Von außen und von innen

Am Wegesrand steht ein Pilz; sein Stiel ist lang, der Schirm schmal: wie zugeklappt. Zwei Tage später ist derselbe Pilz noch immer da, aber anders; sein Schirm ist ausgebreitet: wie aufgeklappt. Wasser und Nährstoffe bewirken dieses Wachstum – von innen heraus. Es ist zwecklos (wenn nicht unmöglich), diesen Vorgang von außen beschleunigen zu wollen. Am Schirm geht etwas kaputt, wenn man ihn mit den Händen `entfalten´ möchte.

Ich denke an (ungefragte, oft wiederholte, aber grundsätzlich gut gemeinte) elterliche Ratschläge: `Esst weniger Zucker, treibt mehr Sport, trefft euch lieber analog oder lest ein Buch…´ Ich kann von außen auf sie einreden und es wird nicht viel passieren.
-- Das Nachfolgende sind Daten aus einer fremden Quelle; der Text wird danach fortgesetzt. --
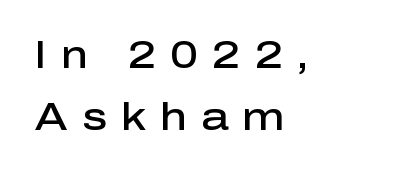
{"serif": "no", "italic": "no", "bold": "semi", "weight": "semibold", "width": "normal", "stroke_contrast": "low", "x_height": "medium", "monospaced": "no", "underline": "no", "align": "left", "line_spacing": "normal", "line_spacing_ratio": 1.64, "letter_spacing": "wide", "letter_spacing_em": 0.37, "glyph_px": 38}
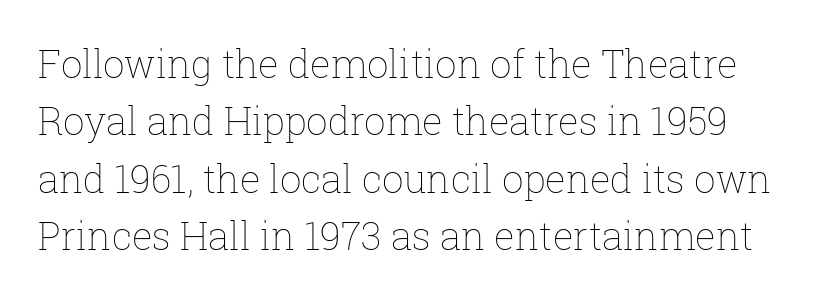
Note the varied advance widths — an 'i' is clearly narrower than an 'm'. What's the leading like? Ordinary, nothing unusual. Check the space under the baseline: it is left empty. Look at the tracking — it's just the regular setting, nothing added. Stems here are at most as thick as an everyday book face.
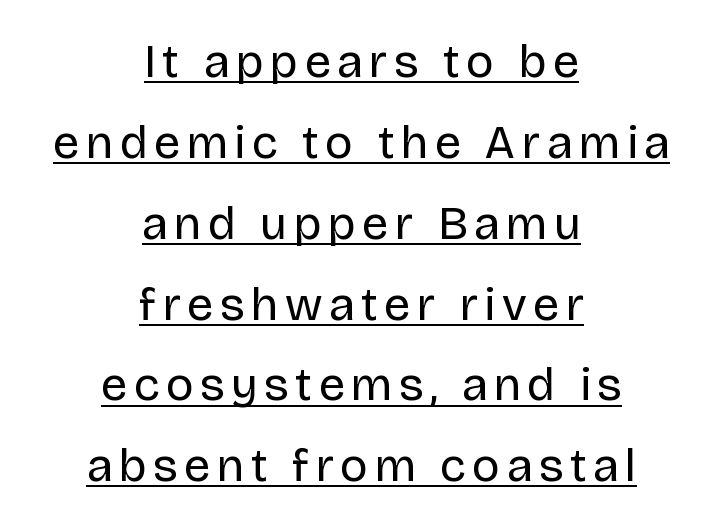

Mittlerweile erlebe ich, dass die Kinder früher oder später selbst auf manch schlaue Idee kommen – aber erst, wenn sie selbst soweit sind. Vorher bewirkt zu viel Einmischung genervtes Augenverdrehen, Ohren `auf Durchzug´ und inneren Rückzug. Am Respekt der Kinder für die Eltern geht etwas kaputt, wenn letztere ein bestimmtes Verhalten erreichen wollen.

Mit zunehmendem Alter stecken in Kindern genug Ressourcen, um mündig zu entscheiden. Manche davon haben sie von uns: Wasser und Nährstoffe in Form von Erziehung und gelebtem Vorbild. Was sie daraus machen und wann, ist ihre Sache, aber oft wunderbar anzuschauen. Früher oder später entfalten sie (scheinbar) ganz allein ihr eigenes Lebenskonzept – von innen heraus. Alles hat seine Zeit.